SOFTWARE-DEFINED RF REFLECTION COEFFICIENT MEASUREMENT BLOCK BASED ON UNDER-SAMPLING DOWN-CONVERSION
Reflectometer; Power amplifier, impedance matching, A/D Conversion
In mobile radio frequency telecommunication devices, the antenna is often subject to
varying surroundings. These change the antenna input impedance and lead to impedance
mismatch with the following blocks, especially the power amplifier. This can cause various
unwanted effects such as nonlinear behavior and possibly damage. Amongst other
possibilities, one solution is an automatic impedance matching system, which acquires
information about the actual antenna input impedance and controls a variable impedance
matching network accordingly to minimize mismatch. The complete information about the
antenna impedance can be gained using a reflectometer. These devices usually comprise various analog hardware components with their respective nonidealities and possibly
energy consumption. These hardware components also need physical space and thus
obstruct miniaturization.
An interesting way to reduce nonidealities and space consumption is by moving a
maximum of the functionality into software. The challenge, in this case, is the high frequency
of the signals, leading to extreme processing requirements. To counteract this, sampling
effects in the inevitable analog-to-digital converter can be exploited. Physical and
mathematical constraints for this operation are found and the design theory of such a
system is presented. Then the validity of the concept is evaluated by computer simulations
and automated measurements on a discrete electronic setup against known references.

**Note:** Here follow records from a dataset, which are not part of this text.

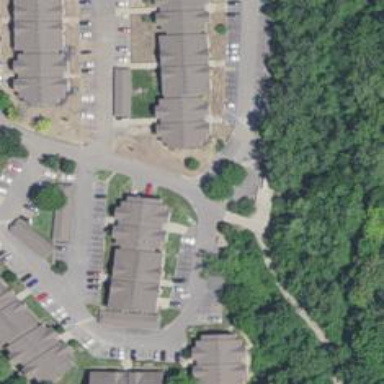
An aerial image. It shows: Living street.
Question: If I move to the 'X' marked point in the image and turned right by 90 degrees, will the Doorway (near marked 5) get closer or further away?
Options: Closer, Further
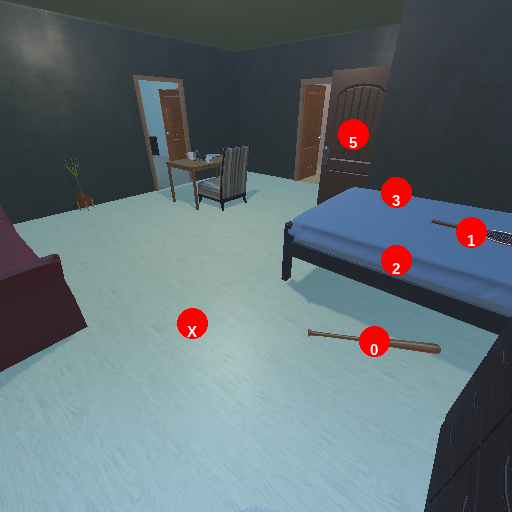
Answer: Closer
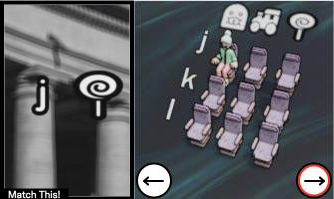
Task: seats
Answer: no
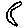
Label: moon
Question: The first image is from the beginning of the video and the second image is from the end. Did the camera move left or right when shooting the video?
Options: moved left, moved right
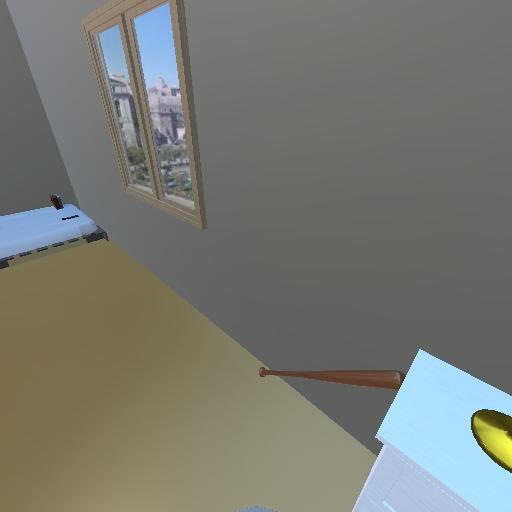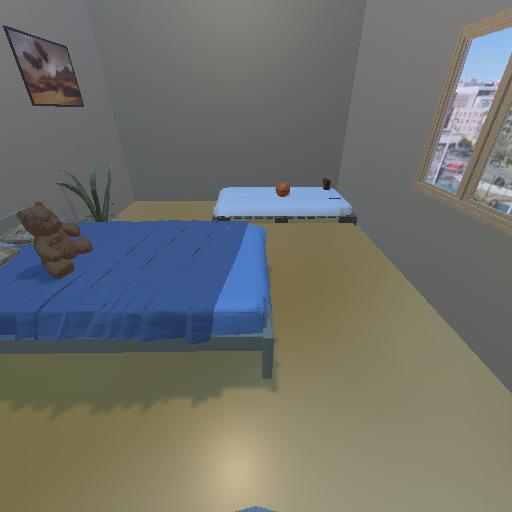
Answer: moved left
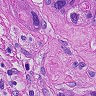
Metastatic tissue present: yes
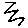
Label: zigzag
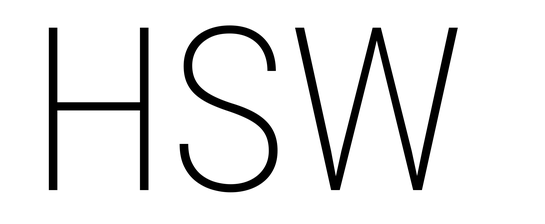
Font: Roboto_Condensed_ExtraLight
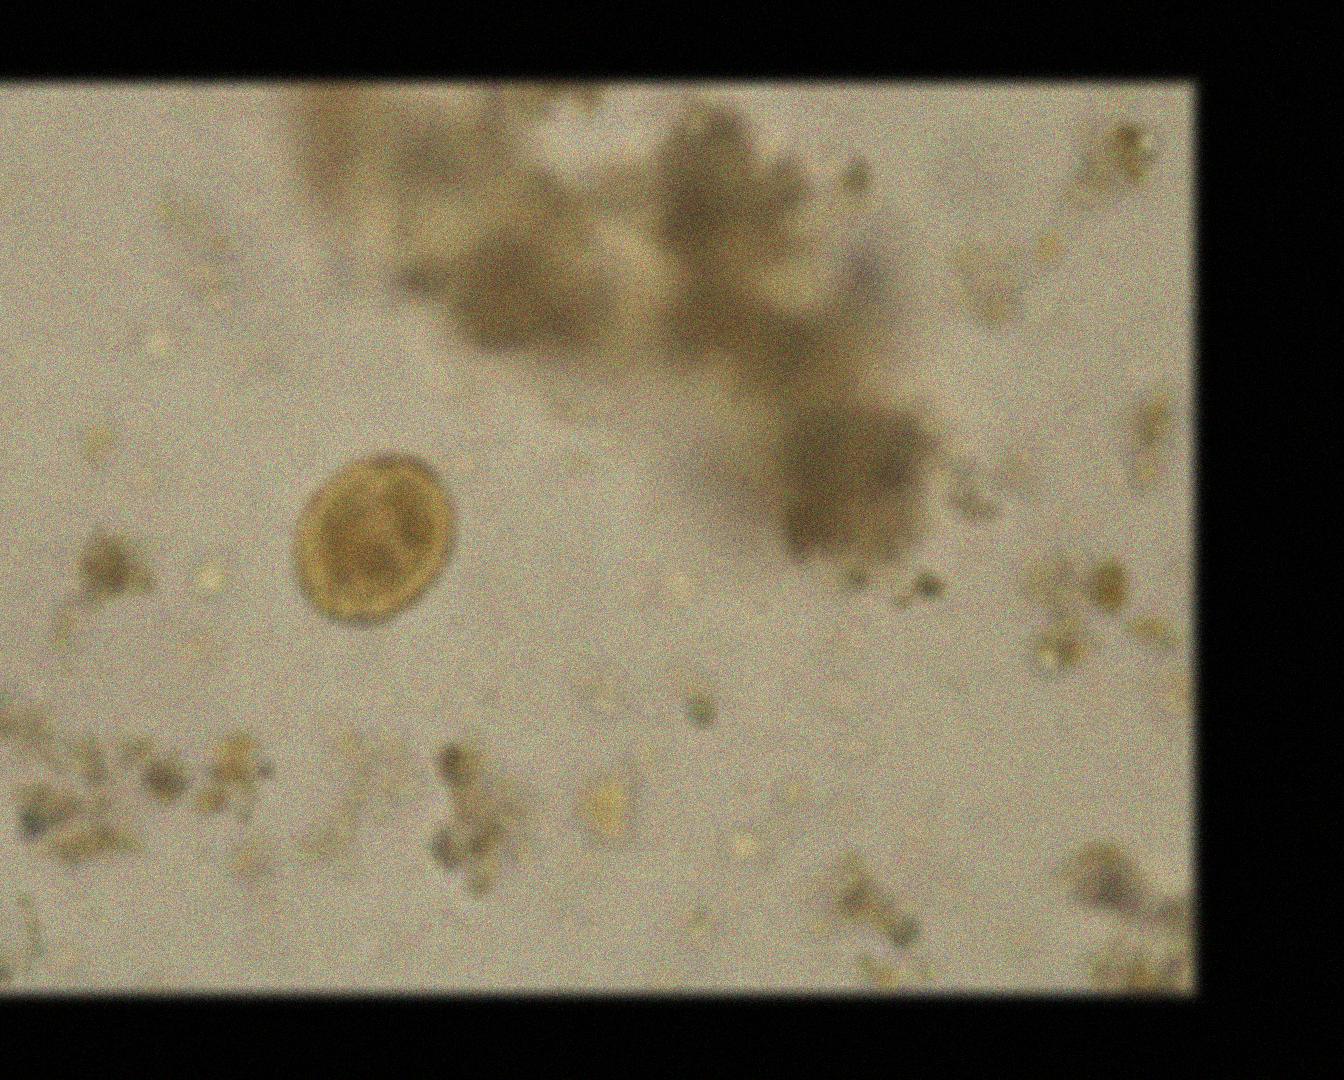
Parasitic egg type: Ascaris lumbricoides
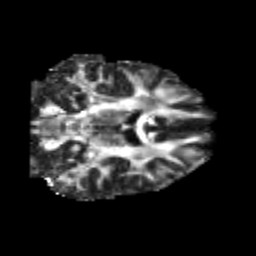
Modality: FA
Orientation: coronal
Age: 25
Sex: male
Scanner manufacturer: siemens
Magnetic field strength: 3 T
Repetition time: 3.5 s
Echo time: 0.113 s
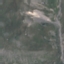
Label: HerbaceousVegetation
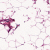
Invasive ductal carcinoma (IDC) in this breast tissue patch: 0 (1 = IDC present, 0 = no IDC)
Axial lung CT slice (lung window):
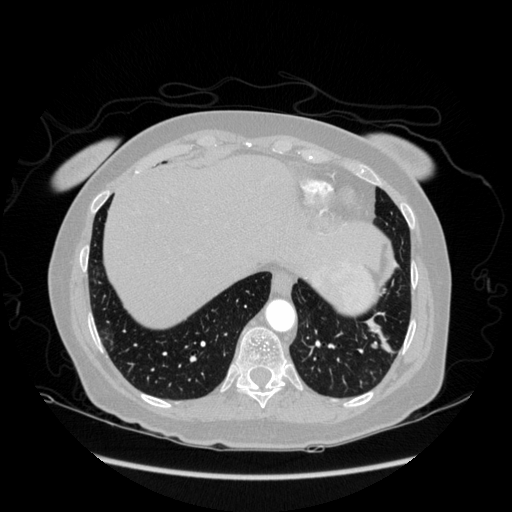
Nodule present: no
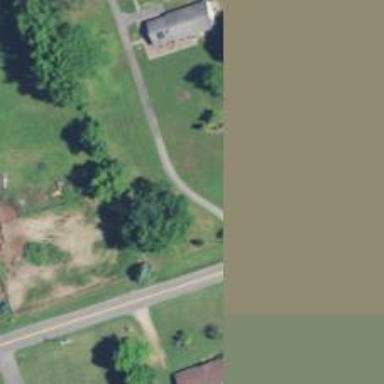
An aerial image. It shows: Driveway.
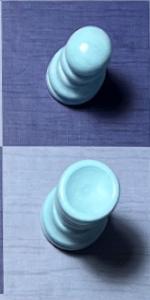
Label: Rook_White
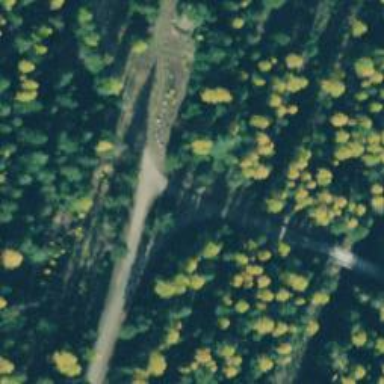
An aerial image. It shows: Abandoned road.
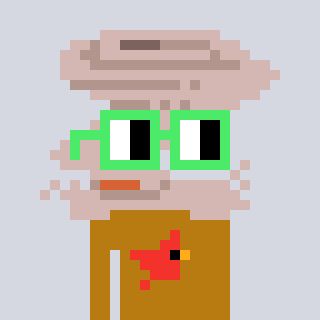
a pixel art character with square light green glasses, a tornado-shaped head and a gold-colored body on a cool background
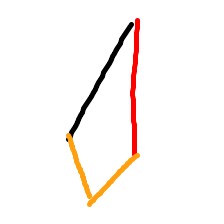
Shape: kite
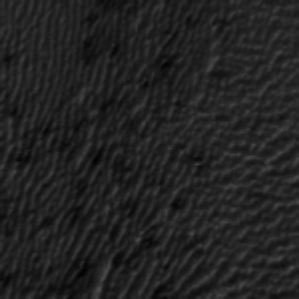
Label: frost
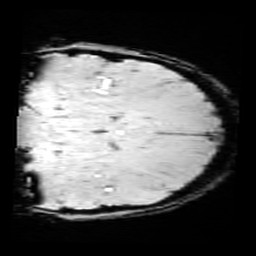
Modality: SWI
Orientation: coronal
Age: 12
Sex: male
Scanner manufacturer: siemens
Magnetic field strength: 3 T
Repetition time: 0.027 s
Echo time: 0.02 s
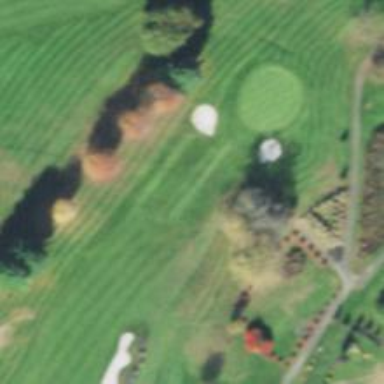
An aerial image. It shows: Golf hole.
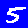
Digit: 5
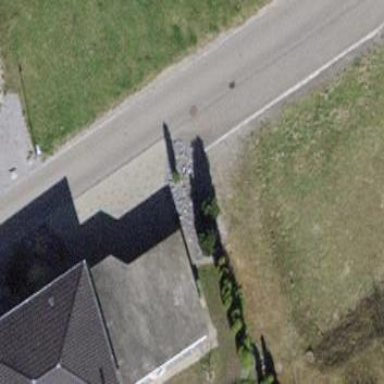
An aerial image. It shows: Garage building.
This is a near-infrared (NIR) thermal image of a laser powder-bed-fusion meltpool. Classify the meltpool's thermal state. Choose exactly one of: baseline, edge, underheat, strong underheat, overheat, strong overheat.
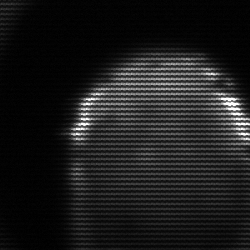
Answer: edge
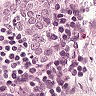
Metastatic tissue present: yes
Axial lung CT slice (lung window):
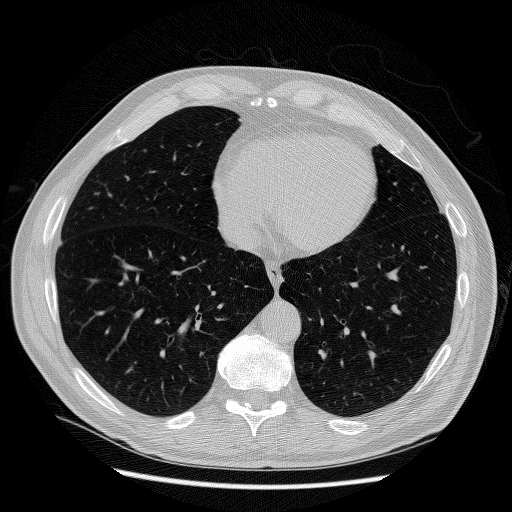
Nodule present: no
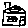
Label: house
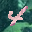
Label: 4
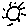
Label: sun
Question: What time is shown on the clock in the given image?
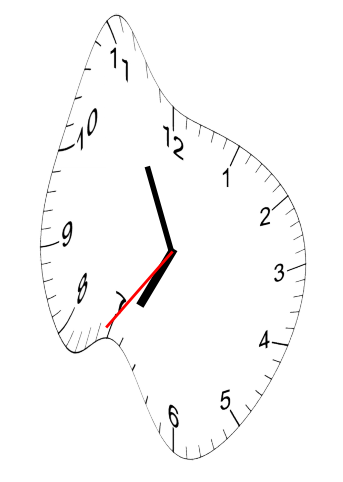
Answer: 06:55:36
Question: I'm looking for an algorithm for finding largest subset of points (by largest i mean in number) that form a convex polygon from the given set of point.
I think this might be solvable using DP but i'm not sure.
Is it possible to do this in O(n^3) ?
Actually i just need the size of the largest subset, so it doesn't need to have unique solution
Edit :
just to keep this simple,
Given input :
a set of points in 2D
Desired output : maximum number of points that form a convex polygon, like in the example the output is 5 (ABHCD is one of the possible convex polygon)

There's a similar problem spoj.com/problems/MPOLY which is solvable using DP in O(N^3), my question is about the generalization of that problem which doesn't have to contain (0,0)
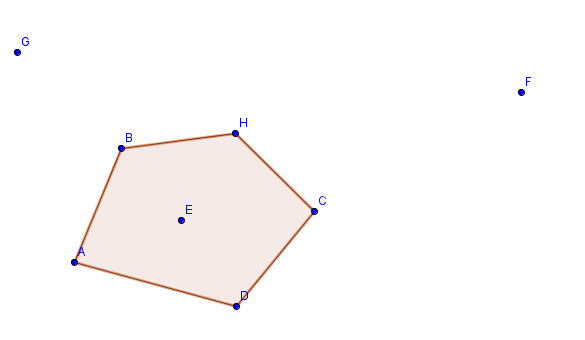
Answer: This problem has been already published in these competitions:
- <URL>
And its solution (O(N) algorithm) could be found on this page: <URL> by Bruce Merry and Jacob Steinhardt.
The following is an attempt to explain this algorithm. Also <URL> that generates test data satisfying these requirements.
## O(N2) algorithm for simplified problem
Simplified problem: find largest subset of points that form a convex polygon and contain the leftmost point of given set (or if there are several leftmost points, this polygon should contain topmost of them).
To solve this problem we could connect each pair of points by directed line segment, then (implicitly) treat each segment as a graph node as shown in diagram:

Here parent node and corresponding segment have blue color. Line segment corresponding to its left child (red color) starts at the end of "parent" segment and it is the line segment making least possible left turn relative to the direction of "parent" segment. Line segment corresponding to its right child (green color) starts at the start of "parent" segment and it is also the line segment making least possible left turn relative to the direction of "parent" segment.
Any segment ending at leftmost point corresponds to a "leaf" node, i.e. it has no child nodes. Such construction of the graph guarantees that there are no cycles, in other words this graph is a DAG.
Now to find largest convex subset of points it is enough to find the longest path in this graph. And the longest path in DAG could be found with dynamic programming algorithm in time O(E), where E is number of edges in the graph. Since each node has only 2 outgoing edges, each corresponding to a pair of points, this problem could be solved in O(N) time.
All this is possible to implement if we preprocess input data, sorting directed line segments starting at the same point by angle. This allows to perform depth-first traversal in the graph. We should memorize the longest path starting from each processed node, so that each graph edge is visited at most once, and we have O(E) = O(N) time algorithm (ignoring preprocessing time for now). Space requirements are also O(N) because we need to store sorted directions for each pair of points and memorization uses one value per node (which is also a pair of points).
Here is C++ implementation of this dynamic programming algorithm:
'''
unsigned dpStep(ind_t i_left, ind_t from, ind_t to_ind)
{
ind_t child = sorted[from][to_ind];
while (child < i_left)
child = sorted[from][++to_ind];
if (child == i_left)
return 1;
if (auto v = memorize[from][child])
return v;
const auto x = max(dpStep(i_left, child, lefts[from][child]) + 1,
dpStep(i_left, from, static_cast<ind_t>(to_ind + 1)));
memorize[from][child] = static_cast<ind_t>(x);
return x;
}
'''
Input parameters are the leftmost point and a pair of points forming current line segment (where starting point of the segment is given directly but ending point is given as an index in sorted by angle array of points). The word "left" in this code fragment is slightly overused: it means both the leftmost point ('i_left') and preprocessed array containing left childs for the graph ('lefts[][]').
## O(N3) algorithm
General problem (where the leftmost point is not fixed) could be solved this way:
1. Sort the points in left-right direction
2. Preprocess the points to get two arrays: (a) each point sorted by direction relative to each other point and (b) position in first array of the end of line segment making least possible left turn relative to the direction of "parent" segment.
3. Use each point as the leftmost point and find the longest convex polygon with "simplified" algorithm.
4. Periodically prune all points to the left of the "leftmost" point from preprocessed arrays.
5. Take the longest of paths found on step 3.
Step 4 is optional. It does not improve O(N) time complexity. But it slightly improves speed of DP algorithm by excluding unneeded points. In my tests this gives 33% speed boost.
There are several alternatives for preprocessing. We could compute every angle (with 'atan2') and sort them, as it is done in sample code by Bruce Merry and Jacob Steinhardt. This is a simplest way but 'atan2' may be too expensive, especially for smaller point sets.
Or we could exclude 'atan2' and sort tangents instead of angles, as it is done in my implementation. This is a little bit more complicated but faster.
Both these alternatives need O(N log N) time (unless we use some distribution sorting). Third alternative is to use well known computational geometry methods (arrangements and duality) to get O(N) preprocessing. But I don't think it is useful for our problem: it is probably too slow for smaller point sets because of large constant factor, as for larger point sets, it might give some speed improvement, but too insignificant because step 3 will greatly outweigh step 2. Also it is much more difficult to implement.
Some other results: I tried to implement iterative DP instead of recursion; this did not noticeably change the speed. Also I tried to perform two DP searches at once, interleaving steps of each search (something similar to fibers or HyperThreading implemented in software); this might help because DP consists mostly of memory accesses having high latency and preventing full utilization of CPU throughput; the results are not very impressive, only about 11% speed boost, most likely with real HyperThreading it would be much faster.
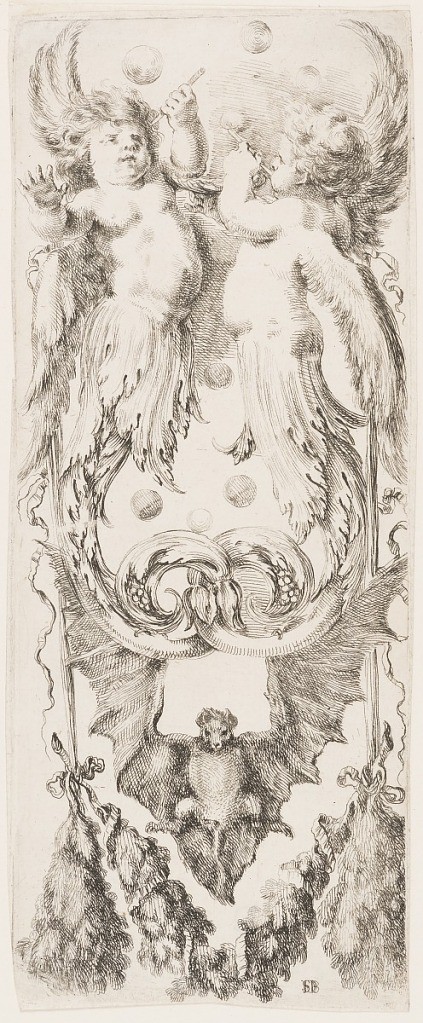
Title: Ornamenti o Grottesche (Grotesque Ornament)
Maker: Stefano della Bella, Italian, 1610–1664
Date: ca. 1653
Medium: Etching on off-white laid paper
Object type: Print
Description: Vertical rectangle showing putti with acanthus tails blowing bubbles, a bat and a swag.
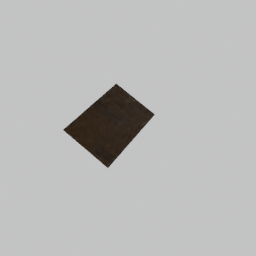
Label: decoration
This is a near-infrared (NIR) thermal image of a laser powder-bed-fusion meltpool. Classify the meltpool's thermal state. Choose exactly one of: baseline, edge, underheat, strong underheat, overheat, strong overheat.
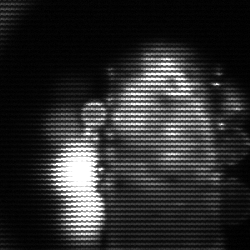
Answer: strong underheat
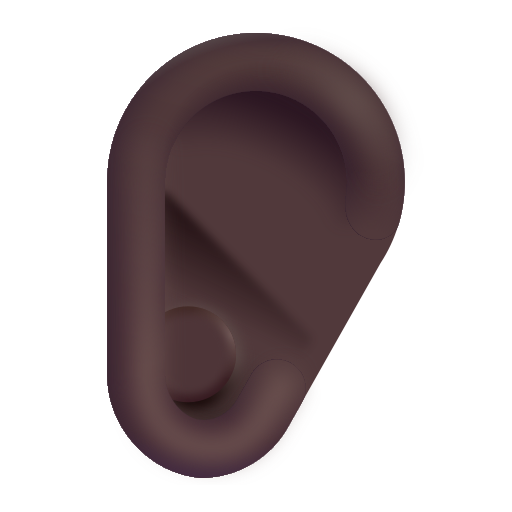
ear color dark
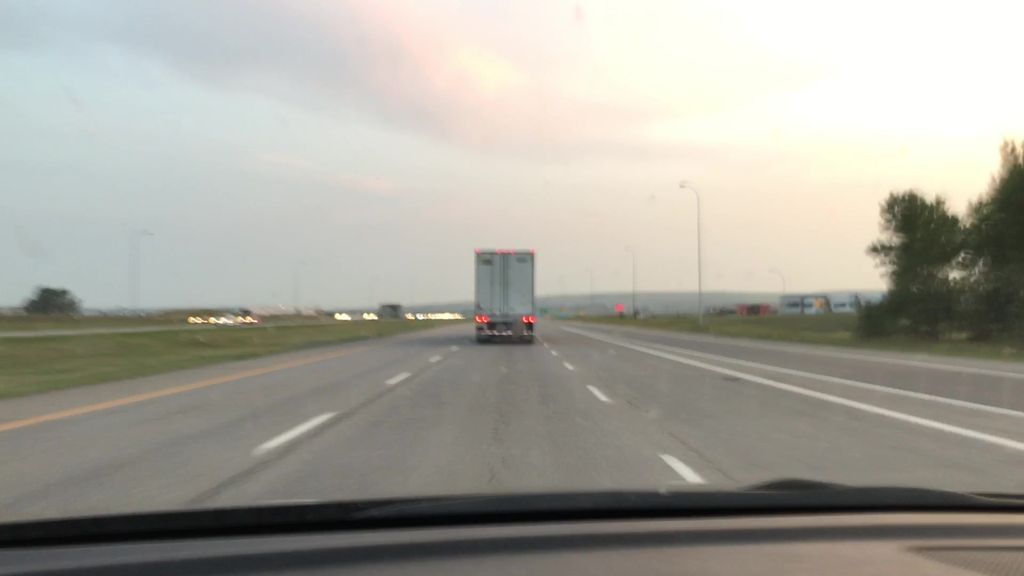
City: calgary

Also, once the reflection coefficient information is available in software, its further use for
controlling the variable impedance matching network is of relevance. One possible
algorithm is outlined for future reference.
The validity of the concept and of the according to design theory was proven. Mostly, the
measurement errors were below 2%. In severe mismatch cases, the under-sampling scheme
stopped working, but these cases present a high standard deviation and are thus easily
recognizable. The reason is the non-linear behavior of the unprotected power amplifier.
Various promising remedies are outlined, such as protecting the amplifier, reducing the
transmitted power when necessary, and filtering in the signal path for the generation of the
sample clock. As the system is planned to be part of an automatic impedance matching
system, however, extreme mismatch cases should normally not occur.
The study shows that it is possible to build a vastly software-defined reflectometer for
ultra-high frequency operation using standard, inexpensive hardware components. This
means that it should also be uncomplicated to integrate into a frontend integrated circuit
for any telecommunication system.